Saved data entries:
————————

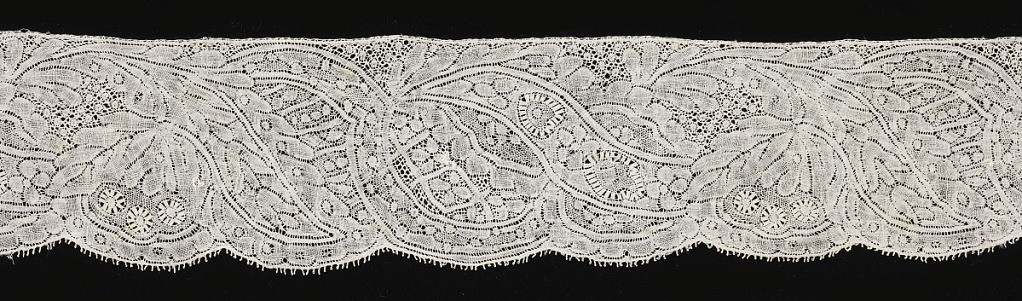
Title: Border
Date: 18th century
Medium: linen Technique: bobbin lace (Binche style with snowflake ground)
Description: Binche lace worked with conventionalized floral design and edged with shallow scallops.
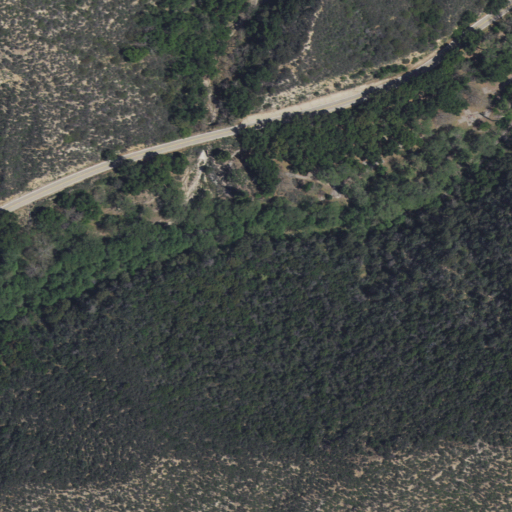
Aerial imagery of valley in California named Prospect Canyon containing mixed forest, shrub, open development, grassland, low intensity development, and evergreen forest
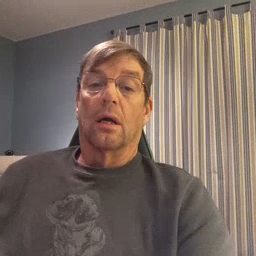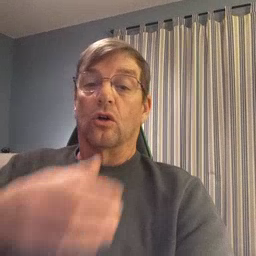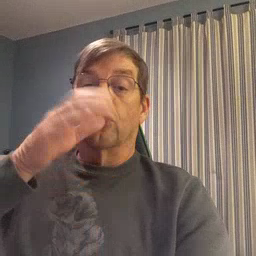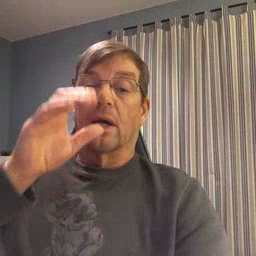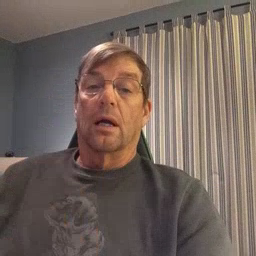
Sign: drink
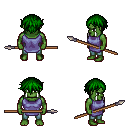
a pixel art fantasy rpg character, male body template, orc, green skin, chain tabard jacket, teal pants, green short bangs hairstyle, spear, four views (front, back, left, right), 2x2 character sprite sheet, small pixel art, hard edges, no anti-aliasing
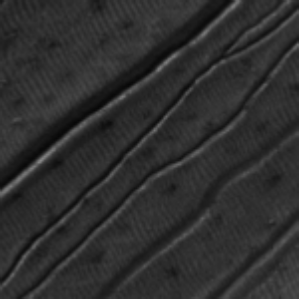
Label: frost
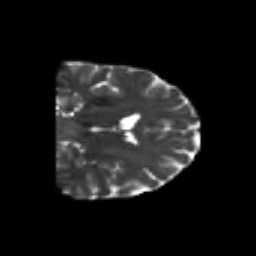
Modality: T2w
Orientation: coronal
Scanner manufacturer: siemens
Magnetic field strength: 3 T
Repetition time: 6.8 s
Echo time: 0.093 s
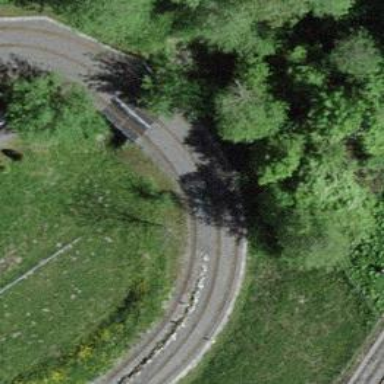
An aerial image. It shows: Miniature railway with one track crossing bridge.
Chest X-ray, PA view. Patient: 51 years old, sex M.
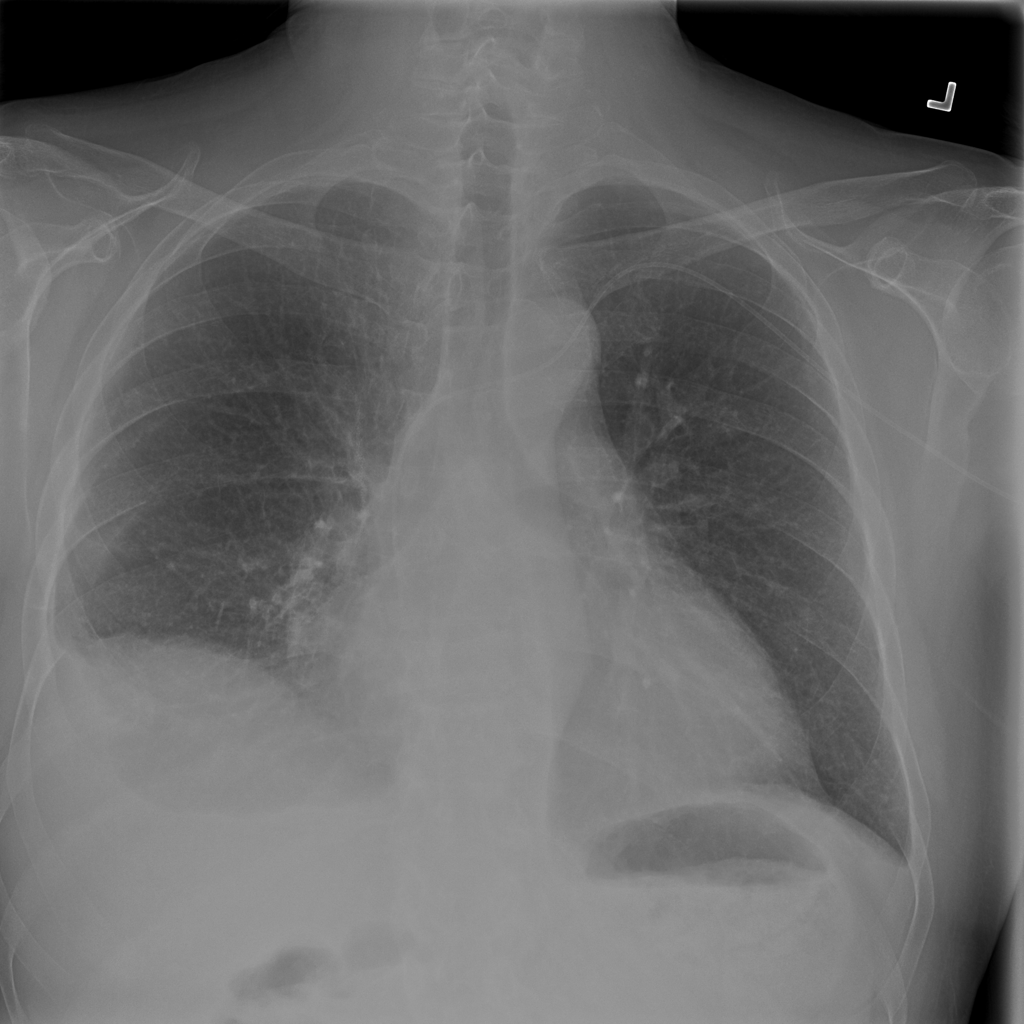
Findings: Cardiomegaly, Effusion, Pleural_Thickening

————————

▸ What the task asks: Each record above goes into the copy word for word; the pictures do not.

▸ Response:
Title: Border
Date: 18th century
Medium: linen Technique: bobbin lace (Binche style with snowflake ground)
Description: Binche lace worked with conventionalized floral design and edged with shallow scallops.
Aerial imagery of valley in California named Prospect Canyon containing mixed forest, shrub, open development, grassland, low intensity development, and evergreen forest
Sign: drink
a pixel art fantasy rpg character, male body template, orc, green skin, chain tabard jacket, teal pants, green short bangs hairstyle, spear, four views (front, back, left, right), 2x2 character sprite sheet, small pixel art, hard edges, no anti-aliasing
Label: frost
Modality: T2w
Orientation: coronal
Scanner manufacturer: siemens
Magnetic field strength: 3 T
Repetition time: 6.8 s
Echo time: 0.093 s
An aerial image. It shows: Miniature railway with one track crossing bridge.
Chest X-ray, PA view. Patient: 51 years old, sex M.
Findings: Cardiomegaly, Effusion, Pleural_Thickening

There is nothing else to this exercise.